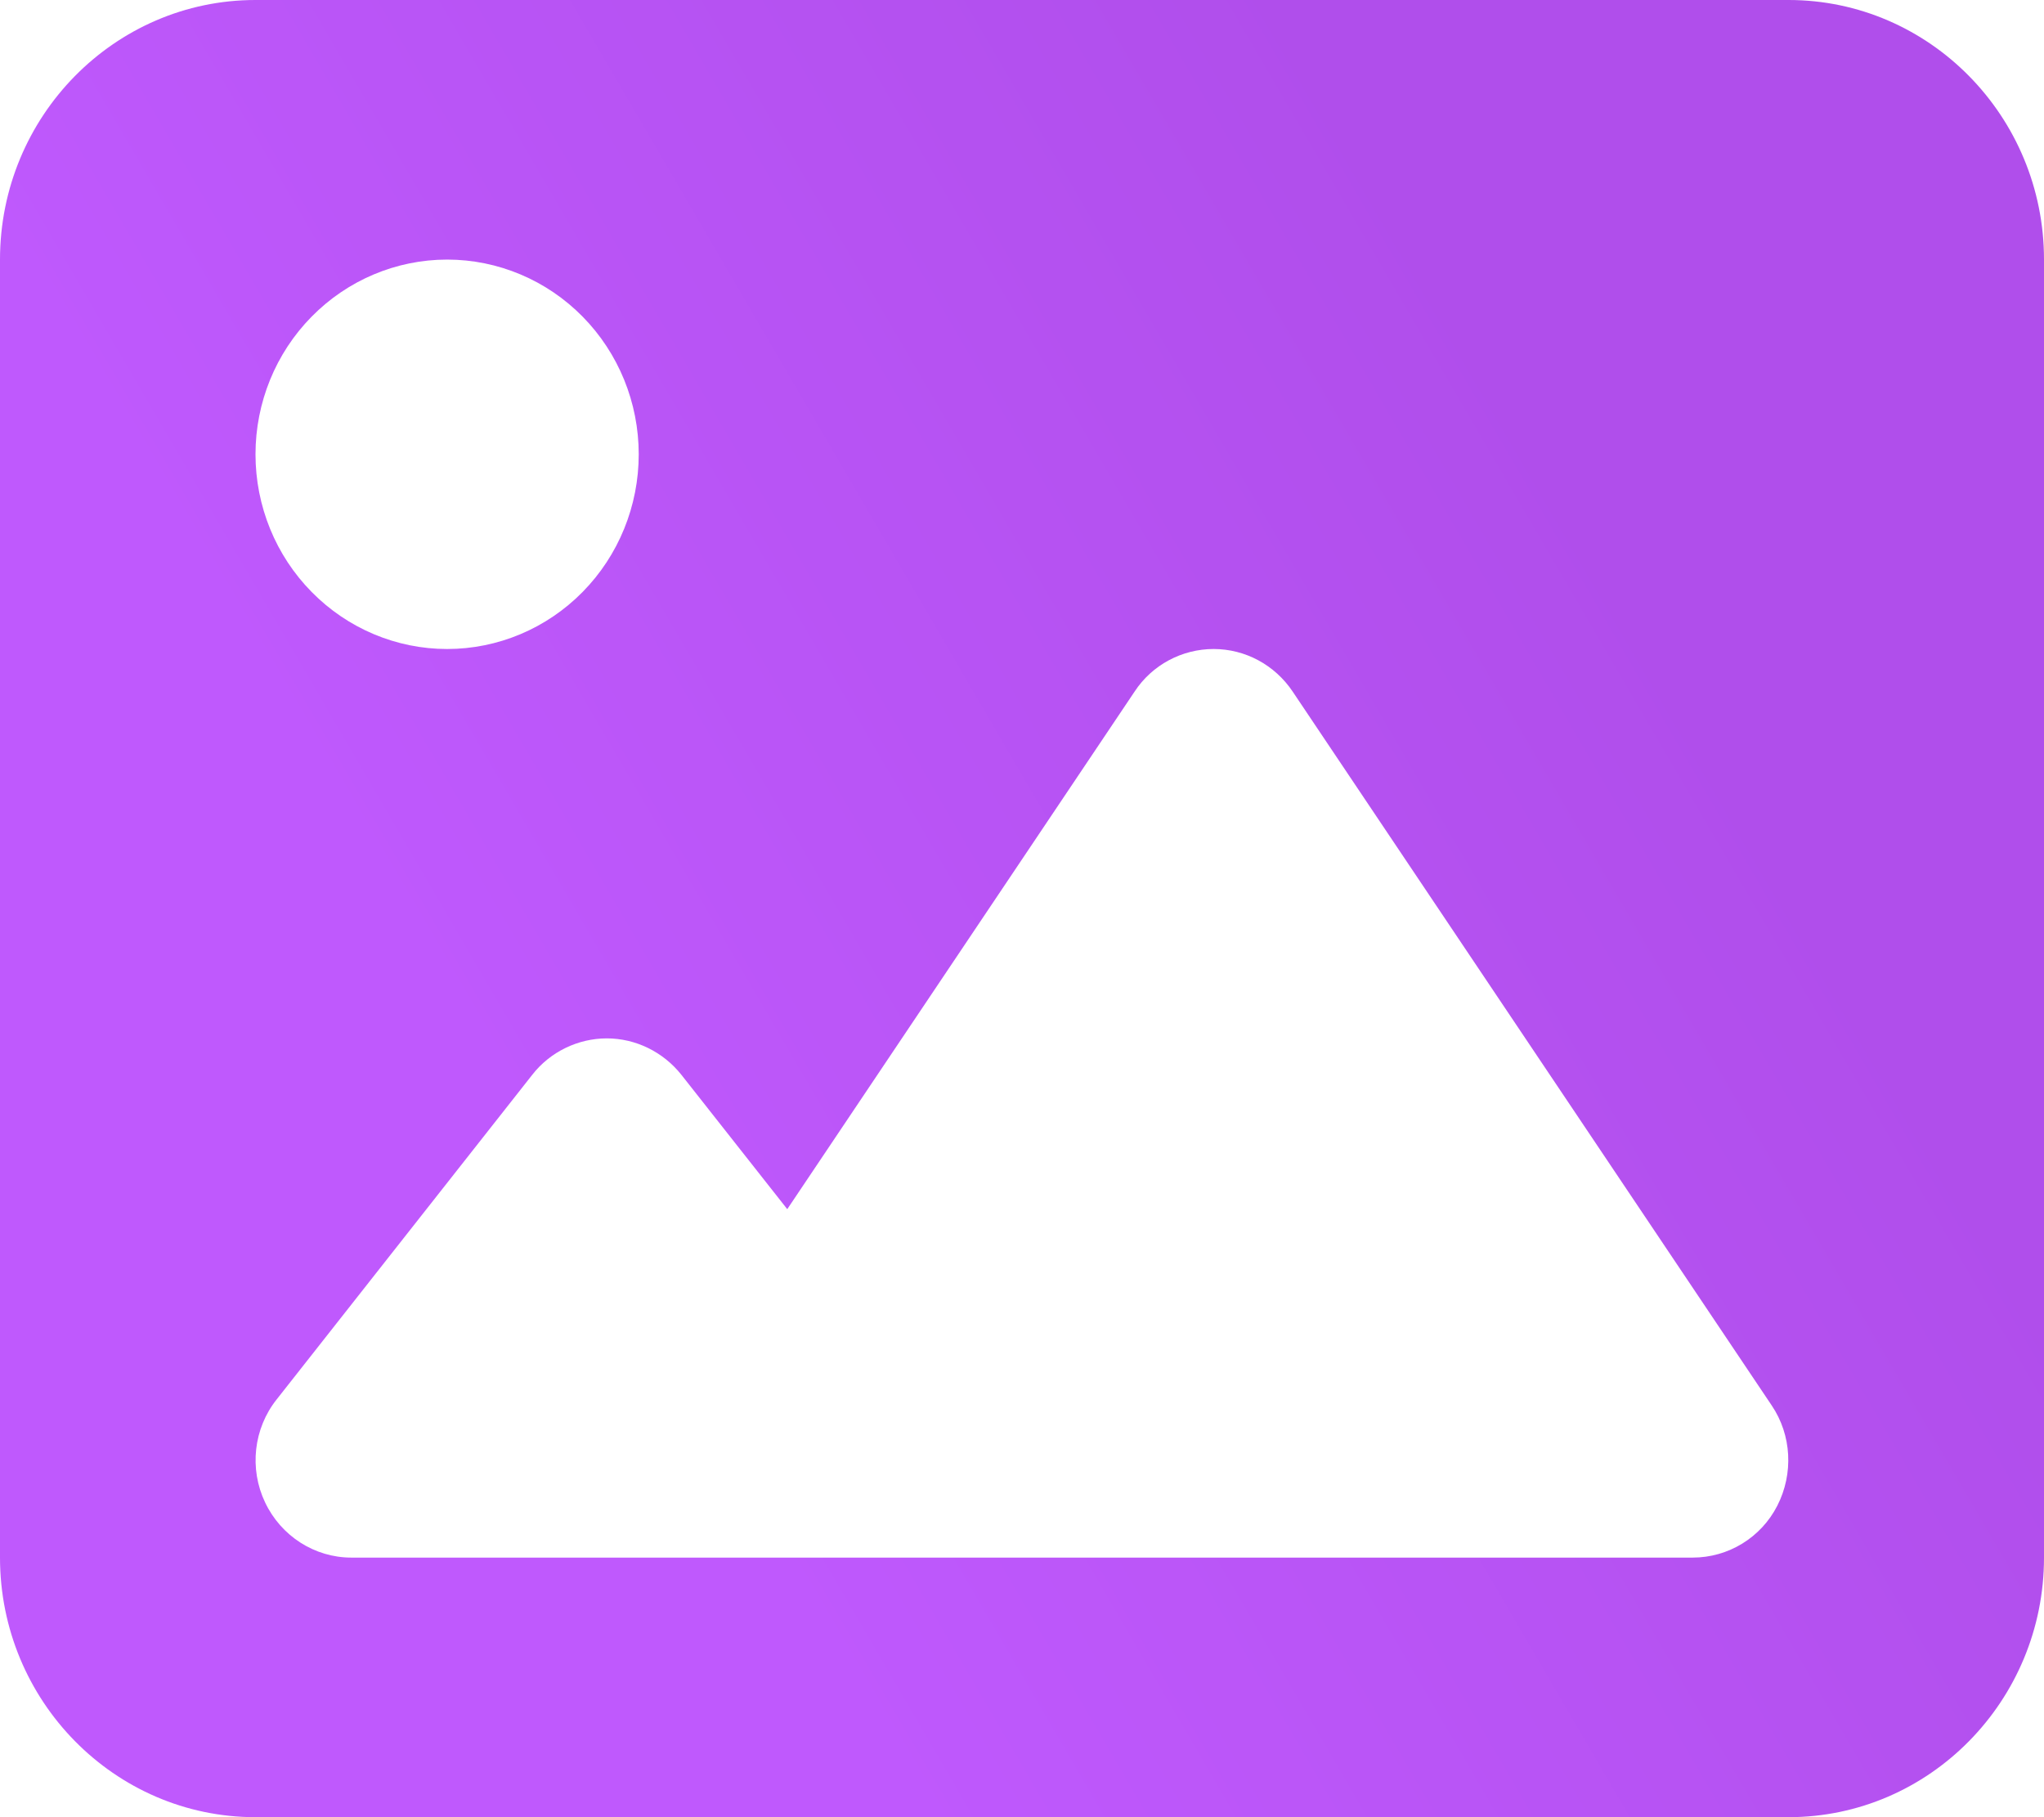 <svg width="45" height="40" viewBox="0 0 45 40" fill="none" xmlns="http://www.w3.org/2000/svg">
<g clip-path="url(#clip0_770_1904)">
<path d="M0 5.714C0 2.562 2.522 0 5.625 0H39.375C42.477 0 45 2.562 45 5.714V34.286C45 37.438 42.477 40 39.375 40H5.625C2.522 40 0 37.438 0 34.286V5.714ZM28.459 15.223C28.064 14.634 27.413 14.286 26.719 14.286C26.024 14.286 25.365 14.634 24.979 15.223L17.332 26.616L15.003 23.661C14.599 23.152 13.992 22.857 13.359 22.857C12.727 22.857 12.111 23.152 11.716 23.661L6.091 30.804C5.581 31.446 5.484 32.33 5.836 33.071C6.188 33.812 6.926 34.286 7.734 34.286H16.172H18.984H37.266C38.048 34.286 38.769 33.848 39.129 33.143C39.489 32.438 39.445 31.589 39.006 30.938L28.459 15.223ZM9.844 14.286C10.963 14.286 12.036 13.834 12.827 13.03C13.618 12.227 14.062 11.137 14.062 10C14.062 8.863 13.618 7.773 12.827 6.97C12.036 6.166 10.963 5.714 9.844 5.714C8.725 5.714 7.652 6.166 6.861 6.97C6.069 7.773 5.625 8.863 5.625 10C5.625 11.137 6.069 12.227 6.861 13.03C7.652 13.834 8.725 14.286 9.844 14.286Z" fill="url(#paint0_linear_770_1904)"/>
</g>
<defs>
<linearGradient id="paint0_linear_770_1904" x1="19.983" y1="40" x2="46.791" y2="24.362" gradientUnits="userSpaceOnUse">
<stop stop-color="#BF59FD"/>
<stop offset="0.885" stop-color="#B04EEB"/>
</linearGradient>
<clipPath id="clip0_770_1904">
<rect width="45" height="40" fill="white"/>
</clipPath>
</defs>
</svg>
◇ ◇ ◇ ◇
**Assigned task:** Look through the listing above and give the number of lines containing the string "color", with nothing else.

**Answer to this exercise:** 2